* _DIRECTIONS FOR THIS TASK_
Set down every line from the one containing "Masks at 300×300." through the last line of the records below, exactly as written, and leave out the pictures.

[Opening SUPPLIED RECORDS section]

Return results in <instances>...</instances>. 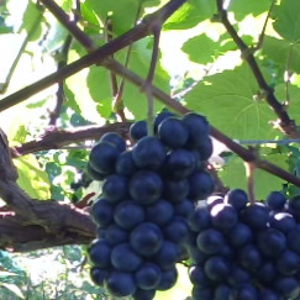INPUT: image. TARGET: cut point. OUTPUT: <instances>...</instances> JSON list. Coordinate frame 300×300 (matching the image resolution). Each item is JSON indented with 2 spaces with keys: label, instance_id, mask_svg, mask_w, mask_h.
<instances>
[{
  "label": "cut point",
  "instance_id": "1",
  "mask_svg": "<svg viewBox=\"0 0 300 300\" xmlns=\"http://www.w3.org/2000/svg\"><path fill=\"white\" fill-rule=\"evenodd\" d=\"M163 28L162 24H157L150 28L149 33H153L151 60L148 73L145 77V92L147 96V135L153 136V97H152V79L156 70L160 31Z\"/></svg>",
  "mask_w": 300,
  "mask_h": 300
},
{
  "label": "cut point",
  "instance_id": "2",
  "mask_svg": "<svg viewBox=\"0 0 300 300\" xmlns=\"http://www.w3.org/2000/svg\"><path fill=\"white\" fill-rule=\"evenodd\" d=\"M245 173L247 176V192H248V198L249 202L255 201V191H254V171L256 165H254L250 161H244L243 162Z\"/></svg>",
  "mask_w": 300,
  "mask_h": 300
}]
</instances>
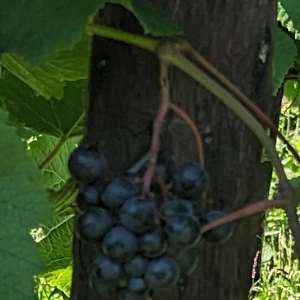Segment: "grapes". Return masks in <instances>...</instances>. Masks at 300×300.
<instances>
[{"label": "grapes", "mask_w": 300, "mask_h": 300, "mask_svg": "<svg viewBox=\"0 0 300 300\" xmlns=\"http://www.w3.org/2000/svg\"><path fill=\"white\" fill-rule=\"evenodd\" d=\"M67 168L81 186L75 234L97 254L88 266V288L97 299L145 300L171 289L196 268L192 247L203 237L223 242L234 233L228 213L198 212L193 199L205 192L209 177L197 162L181 163L163 182L138 172L108 180L103 152L82 145L70 153Z\"/></svg>", "instance_id": "01657485"}]
</instances>
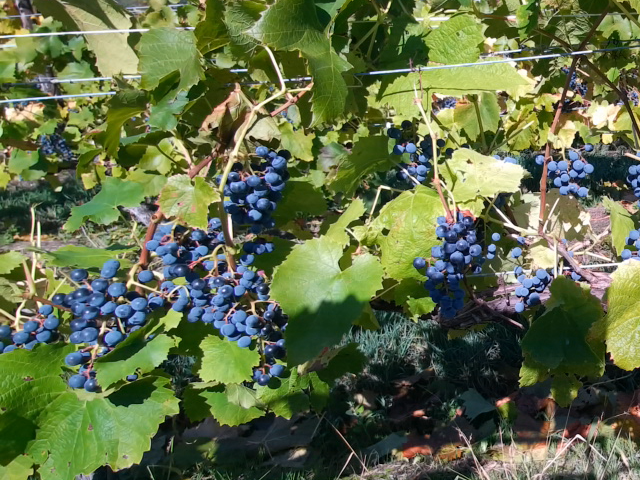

[Closing SUPPLIED RECORDS section]

* _REPLY_
Segment: "grapes". Return masks in <instances>...</instances>. Masks at 300×300.
<instances>
[{"label": "grapes", "mask_w": 300, "mask_h": 300, "mask_svg": "<svg viewBox=\"0 0 300 300\" xmlns=\"http://www.w3.org/2000/svg\"><path fill=\"white\" fill-rule=\"evenodd\" d=\"M67 168L81 186L75 234L97 254L88 266V288L97 299L145 300L171 289L196 268L192 247L203 237L223 242L234 233L228 213L198 212L193 199L205 192L209 177L197 162L181 163L163 182L138 172L108 180L103 152L82 145L70 153Z\"/></svg>", "instance_id": "01657485"}]
</instances>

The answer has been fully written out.